Unlike many shops that tend to have a balance of laser and traditional presses for punching operations, Tenere owns and operates 12 turret machines and just two laser machines.
 
“We realized that by creating form features on our turret machines with the countersink tooling, that method kept the need for secondary operations down,” Tempel said. “With this strategy the parts come off the turret complete – after forming the rivets and deburring the hole in one operation on the punch press. The countersink tools save us significant dollars on time and labor by eliminating the need for secondary operations.”
 

Consistency, repeatability and savings

Holding the geometry of each design is an important consideration for any job shop. If the consistency isn’t there, then parts need to be re-run or reworked, often delaying projects, wasting materials and causing other downtime factors that eat quickly into revenues and efficiencies.
 
“Holding the geometries of the design is a huge benefit of the countersinking tools,” Tempel said. “When we punch the design in, we’ve found that the tools hold those numbers consistently and we see repeatability with the tools, especially in high-volume runs.”
 
By implementing more refined punch press strategies, Tenere was able to sidestep the skilled labor shortage, achieve more nimble practices and gain efficiencies in the shop.
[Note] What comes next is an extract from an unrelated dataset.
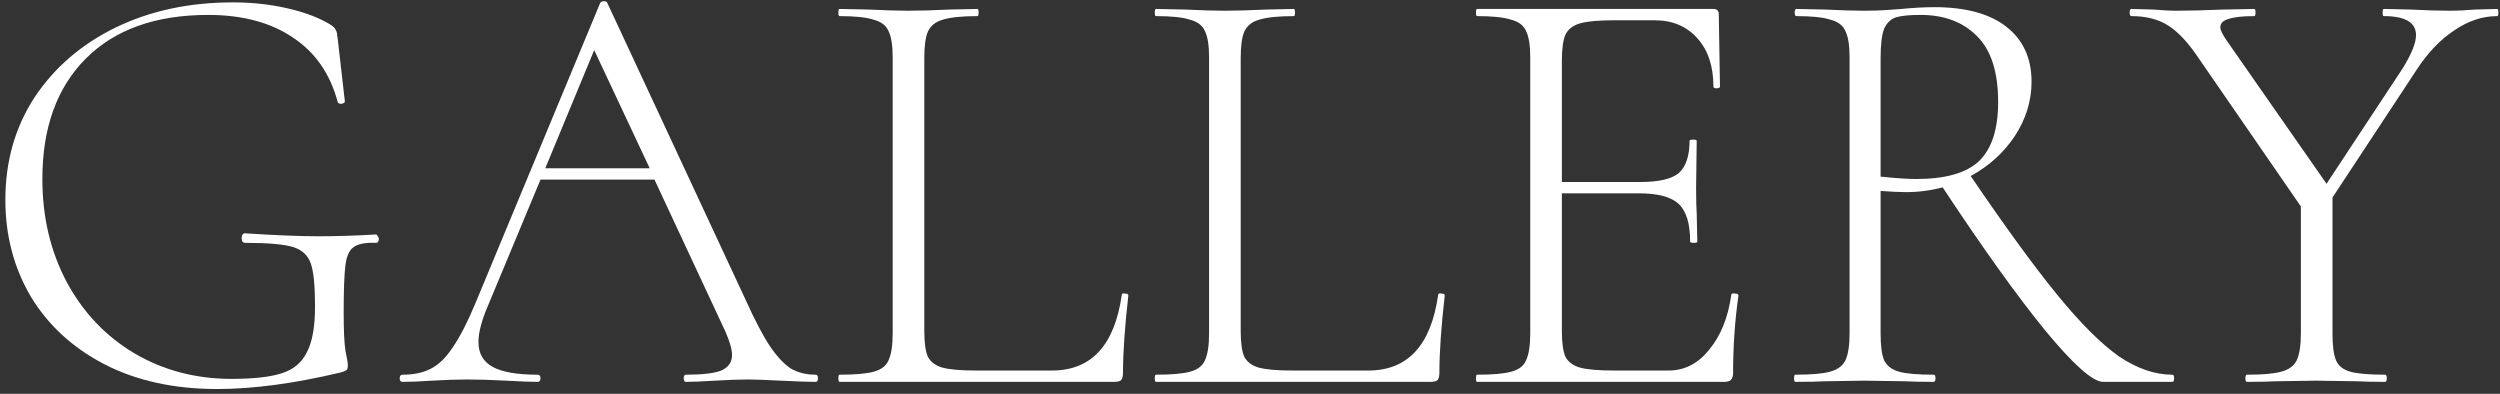 <?xml version="1.0" encoding="UTF-8"?> <svg xmlns="http://www.w3.org/2000/svg" width="419" height="66" viewBox="0 0 419 66" fill="none"><rect x="0" y="0" width="419" height="66" fill="#333333" stroke="none"/> <path d="M36.4 65.2C29.133 65.2 22.8 63.8 17.4 61C12.067 58.2 7.967 54.4 5.1 49.6C2.3 44.8 0.9 39.433 0.9 33.5C0.9 27.033 2.533 21.3 5.8 16.3C9.133 11.3 13.667 7.4 19.4 4.6C25.2 1.8 31.733 0.4 39 0.4C42.267 0.4 45.333 0.733 48.2 1.4C51.133 2.067 53.567 3 55.5 4.2C55.967 4.533 56.233 4.833 56.3 5.1C56.433 5.3 56.5 5.567 56.5 5.9C56.567 6.167 56.6 6.367 56.6 6.5L57.8 17C57.8 17.2 57.6 17.333 57.2 17.4C56.867 17.4 56.667 17.3 56.6 17.1C55.333 12.367 52.833 8.767 49.1 6.3C45.367 3.767 40.633 2.5 34.9 2.5C26.1 2.5 19.267 4.933 14.4 9.8C9.533 14.667 7.1 21.4 7.1 30C7.1 36.4 8.467 42.167 11.2 47.3C13.933 52.367 17.7 56.333 22.5 59.2C27.367 62.067 32.8 63.5 38.8 63.5C42.4 63.5 45.167 63.2 47.1 62.6C49.1 62 50.533 60.833 51.4 59.1C52.333 57.367 52.8 54.8 52.8 51.4C52.8 47.933 52.567 45.533 52.1 44.2C51.633 42.8 50.633 41.867 49.1 41.4C47.567 40.933 44.9 40.7 41.1 40.7C40.7 40.7 40.5 40.433 40.5 39.9C40.5 39.7 40.533 39.533 40.6 39.4C40.733 39.2 40.867 39.1 41 39.1C46.133 39.433 50.267 39.6 53.4 39.6C56.4 39.6 59.6 39.5 63 39.3C63.133 39.3 63.233 39.4 63.3 39.6C63.433 39.733 63.5 39.867 63.5 40C63.5 40.467 63.333 40.7 63 40.7C61.267 40.633 60.033 40.867 59.3 41.4C58.567 41.867 58.1 42.867 57.9 44.4C57.7 45.933 57.6 48.6 57.6 52.4C57.6 55.4 57.7 57.533 57.9 58.8C58.167 60.067 58.3 60.867 58.3 61.2C58.3 61.6 58.233 61.867 58.1 62C57.967 62.133 57.667 62.267 57.2 62.4C49.4 64.267 42.467 65.2 36.4 65.2Z" fill="white"></path> <path d="M136.689 62.8C136.956 62.8 137.089 63 137.089 63.4C137.089 63.8 136.956 64 136.689 64C135.489 64 133.556 63.933 130.889 63.8C128.356 63.667 126.489 63.6 125.289 63.6C123.889 63.6 122.056 63.667 119.789 63.8C117.656 63.933 116.056 64 114.989 64C114.722 64 114.589 63.8 114.589 63.4C114.589 63 114.722 62.8 114.989 62.8C117.722 62.8 119.689 62.567 120.889 62.1C122.089 61.567 122.689 60.7 122.689 59.5C122.689 58.567 122.322 57.267 121.589 55.6L109.689 30.1H90.589L81.589 51.7C80.656 53.967 80.189 55.833 80.189 57.3C80.189 59.233 80.989 60.633 82.589 61.5C84.189 62.367 86.689 62.8 90.089 62.8C90.422 62.8 90.589 63 90.589 63.4C90.589 63.8 90.422 64 90.089 64C88.889 64 87.156 63.933 84.889 63.8C82.356 63.667 80.156 63.6 78.289 63.6C76.622 63.6 74.656 63.667 72.389 63.8C70.389 63.933 68.756 64 67.489 64C67.156 64 66.989 63.8 66.989 63.4C66.989 63 67.156 62.8 67.489 62.8C69.356 62.8 70.922 62.467 72.189 61.8C73.522 61.133 74.756 59.933 75.889 58.2C77.089 56.467 78.356 54 79.689 50.8L100.589 0.5C100.722 0.3 100.922 0.2 101.189 0.2C101.522 0.2 101.722 0.3 101.789 0.5L124.989 50.3C126.522 53.7 127.889 56.3 129.089 58.1C130.289 59.833 131.456 61.067 132.589 61.8C133.789 62.467 135.156 62.8 136.689 62.8ZM91.389 28.2H108.889L99.589 8.4L91.389 28.2Z" fill="white"></path> <path d="M154.913 55.5C154.913 57.433 155.113 58.867 155.513 59.8C155.98 60.667 156.78 61.267 157.913 61.6C159.113 61.933 160.98 62.1 163.513 62.1H176.313C182.913 62.1 186.813 57.867 188.013 49.4C188.013 49.2 188.18 49.133 188.513 49.2C188.913 49.2 189.113 49.3 189.113 49.5C188.513 54.767 188.213 59.1 188.213 62.5C188.213 63.033 188.113 63.433 187.913 63.7C187.713 63.9 187.313 64 186.713 64H140.713C140.58 64 140.513 63.8 140.513 63.4C140.513 63 140.58 62.8 140.713 62.8C143.313 62.8 145.213 62.633 146.413 62.3C147.68 61.967 148.513 61.333 148.913 60.4C149.38 59.4 149.613 57.9 149.613 55.9V9.6C149.613 7.6 149.38 6.133 148.913 5.2C148.513 4.267 147.68 3.633 146.413 3.3C145.213 2.9 143.313 2.7 140.713 2.7C140.58 2.7 140.513 2.5 140.513 2.1C140.513 1.7 140.58 1.5 140.713 1.5L145.613 1.6C148.413 1.733 150.613 1.8 152.213 1.8C154.013 1.8 156.313 1.733 159.113 1.6L163.813 1.5C163.947 1.5 164.013 1.7 164.013 2.1C164.013 2.5 163.947 2.7 163.813 2.7C161.213 2.7 159.28 2.9 158.013 3.3C156.813 3.633 155.98 4.3 155.513 5.3C155.113 6.233 154.913 7.7 154.913 9.7V55.5Z" fill="white"></path> <path d="M207.941 55.5C207.941 57.433 208.141 58.867 208.541 59.8C209.007 60.667 209.807 61.267 210.941 61.6C212.141 61.933 214.007 62.1 216.541 62.1H229.341C235.941 62.1 239.841 57.867 241.041 49.4C241.041 49.2 241.207 49.133 241.541 49.2C241.941 49.2 242.141 49.3 242.141 49.5C241.541 54.767 241.241 59.1 241.241 62.5C241.241 63.033 241.141 63.433 240.941 63.7C240.741 63.9 240.341 64 239.741 64H193.741C193.607 64 193.541 63.8 193.541 63.4C193.541 63 193.607 62.8 193.741 62.8C196.341 62.8 198.241 62.633 199.441 62.3C200.707 61.967 201.541 61.333 201.941 60.4C202.407 59.4 202.641 57.9 202.641 55.9V9.6C202.641 7.6 202.407 6.133 201.941 5.2C201.541 4.267 200.707 3.633 199.441 3.3C198.241 2.9 196.341 2.7 193.741 2.7C193.607 2.7 193.541 2.5 193.541 2.1C193.541 1.7 193.607 1.5 193.741 1.5L198.641 1.6C201.441 1.733 203.641 1.8 205.241 1.8C207.041 1.8 209.341 1.733 212.141 1.6L216.841 1.5C216.974 1.5 217.041 1.7 217.041 2.1C217.041 2.5 216.974 2.7 216.841 2.7C214.241 2.7 212.307 2.9 211.041 3.3C209.841 3.633 209.007 4.3 208.541 5.3C208.141 6.233 207.941 7.7 207.941 9.7V55.5Z" fill="white"></path> <path d="M290.168 49.4C290.168 49.2 290.368 49.133 290.768 49.2C291.168 49.2 291.368 49.3 291.368 49.5C290.768 53.7 290.468 58.033 290.468 62.5C290.468 63.033 290.335 63.433 290.068 63.7C289.868 63.9 289.468 64 288.868 64H247.568C247.435 64 247.368 63.8 247.368 63.4C247.368 63 247.435 62.8 247.568 62.8C250.168 62.8 252.068 62.633 253.268 62.3C254.535 61.967 255.368 61.333 255.768 60.4C256.235 59.4 256.468 57.9 256.468 55.9V9.6C256.468 7.6 256.235 6.133 255.768 5.2C255.368 4.267 254.535 3.633 253.268 3.3C252.068 2.9 250.168 2.7 247.568 2.7C247.435 2.7 247.368 2.5 247.368 2.1C247.368 1.7 247.435 1.5 247.568 1.5H287.168C287.768 1.5 288.068 1.8 288.068 2.4L288.268 14.5C288.268 14.7 288.068 14.8 287.668 14.8C287.335 14.8 287.168 14.7 287.168 14.5C287.168 11.1 286.268 8.4 284.468 6.4C282.668 4.4 280.301 3.4 277.368 3.4H270.468C267.935 3.4 266.068 3.567 264.868 3.9C263.668 4.233 262.835 4.867 262.368 5.8C261.968 6.733 261.768 8.2 261.768 10.2V30.5H274.968C278.035 30.5 280.168 30 281.368 29C282.568 27.933 283.168 26.133 283.168 23.6C283.168 23.467 283.368 23.4 283.768 23.4C284.168 23.4 284.368 23.467 284.368 23.6L284.268 31.5C284.268 33.433 284.301 34.867 284.368 35.8L284.468 40.5C284.468 40.633 284.268 40.7 283.868 40.7C283.468 40.7 283.268 40.633 283.268 40.5C283.268 37.5 282.635 35.4 281.368 34.2C280.101 33 277.868 32.4 274.668 32.4H261.768V55.5C261.768 57.433 261.968 58.867 262.368 59.8C262.835 60.667 263.635 61.267 264.768 61.6C265.968 61.933 267.868 62.1 270.468 62.1H279.668C282.335 62.1 284.601 60.933 286.468 58.6C288.401 56.267 289.635 53.2 290.168 49.4Z" fill="white"></path> <path d="M364.088 62.8C364.288 62.8 364.388 63 364.388 63.4C364.388 63.8 364.288 64 364.088 64H352.488C350.755 64 347.522 61.133 342.788 55.4C338.055 49.6 332.322 41.6 325.588 31.4C323.588 31.933 321.555 32.2 319.488 32.2C318.355 32.2 316.922 32.133 315.188 32V55.9C315.188 57.967 315.388 59.467 315.788 60.4C316.255 61.333 317.088 61.967 318.288 62.3C319.488 62.633 321.422 62.8 324.088 62.8C324.288 62.8 324.388 63 324.388 63.4C324.388 63.8 324.288 64 324.088 64C322.088 64 320.488 63.967 319.288 63.9L312.488 63.8L305.888 63.9C304.688 63.967 303.022 64 300.888 64C300.755 64 300.688 63.8 300.688 63.4C300.688 63 300.755 62.8 300.888 62.8C303.555 62.8 305.488 62.633 306.688 62.3C307.955 61.967 308.822 61.333 309.288 60.4C309.755 59.4 309.988 57.9 309.988 55.9V9.6C309.988 7.6 309.755 6.133 309.288 5.2C308.888 4.267 308.055 3.633 306.788 3.3C305.588 2.9 303.688 2.7 301.088 2.7C300.888 2.7 300.788 2.5 300.788 2.1C300.788 1.7 300.888 1.5 301.088 1.5L305.888 1.6C308.555 1.733 310.755 1.8 312.488 1.8C313.688 1.8 314.822 1.767 315.888 1.7C316.955 1.633 317.888 1.567 318.688 1.5C320.755 1.3 322.588 1.2 324.188 1.2C329.455 1.2 333.488 2.3 336.288 4.5C339.088 6.7 340.488 9.767 340.488 13.7C340.488 16.9 339.555 19.933 337.688 22.8C335.822 25.6 333.355 27.833 330.288 29.5C336.088 38.033 340.922 44.667 344.788 49.4C348.655 54.133 352.088 57.567 355.088 59.7C358.155 61.767 361.155 62.8 364.088 62.8ZM315.188 29.6C317.722 29.867 319.722 30 321.188 30C326.055 30 329.555 29 331.688 27C333.822 24.933 334.888 21.633 334.888 17.1C334.888 12.033 333.688 8.333 331.288 6C328.955 3.667 325.822 2.5 321.888 2.5C320.022 2.5 318.655 2.633 317.788 2.9C316.922 3.167 316.255 3.8 315.788 4.8C315.388 5.8 315.188 7.467 315.188 9.8V29.6Z" fill="white"></path> <path d="M418.526 1.5C418.659 1.5 418.726 1.7 418.726 2.1C418.726 2.5 418.659 2.7 418.526 2.7C416.059 2.7 413.659 3.5 411.326 5.1C408.992 6.633 406.892 8.833 405.026 11.7L390.926 33.1V55.9C390.926 57.967 391.126 59.467 391.526 60.4C391.926 61.333 392.726 61.967 393.926 62.3C395.126 62.633 397.059 62.8 399.726 62.8C399.926 62.8 400.026 63 400.026 63.4C400.026 63.8 399.926 64 399.726 64C397.726 64 396.159 63.967 395.026 63.9L388.226 63.8L381.426 63.9C380.226 63.967 378.626 64 376.626 64C376.426 64 376.326 63.8 376.326 63.4C376.326 63 376.426 62.8 376.626 62.8C379.226 62.8 381.126 62.633 382.326 62.3C383.592 61.967 384.459 61.333 384.926 60.4C385.392 59.4 385.626 57.9 385.626 55.9V34.6L368.526 9.8C366.792 7.2 365.092 5.367 363.426 4.3C361.759 3.233 359.692 2.7 357.226 2.7C357.026 2.7 356.926 2.5 356.926 2.1C356.926 1.7 357.026 1.5 357.226 1.5L360.926 1.6C362.526 1.733 363.726 1.8 364.526 1.8C366.726 1.8 369.426 1.733 372.626 1.6L377.826 1.5C377.959 1.5 378.026 1.7 378.026 2.1C378.026 2.5 377.959 2.7 377.826 2.7C375.826 2.7 374.359 2.867 373.426 3.2C372.559 3.467 372.126 3.933 372.126 4.6C372.126 5 372.459 5.7 373.126 6.7L389.926 30.8L402.726 11.4C404.192 9 404.926 7.167 404.926 5.9C404.926 3.767 403.126 2.7 399.526 2.7C399.392 2.7 399.326 2.5 399.326 2.1C399.326 1.7 399.392 1.5 399.526 1.5L404.026 1.6C406.559 1.733 408.792 1.8 410.726 1.8C411.859 1.8 413.226 1.733 414.826 1.6L418.526 1.5Z" fill="white"></path> </svg>

At the same time, the company added a style of tooling and advanced practices at the punch press that delivered higher quality parts with greater consistency and stronger tools with greater repeatability.
 
“Staffing is still a challenge, but with the countersink tooling, we have gained considerably more flexibility in our shop, which we have seen over the years on a daily basis. We also have the ability to do more on our punch presses with fewer secondary operations, which positively affects the labor challenges,” Tempel said. “Consistency is a huge benefit as well, as it repeatability. But the biggest benefits are the production efficiencies and overall costs savings.”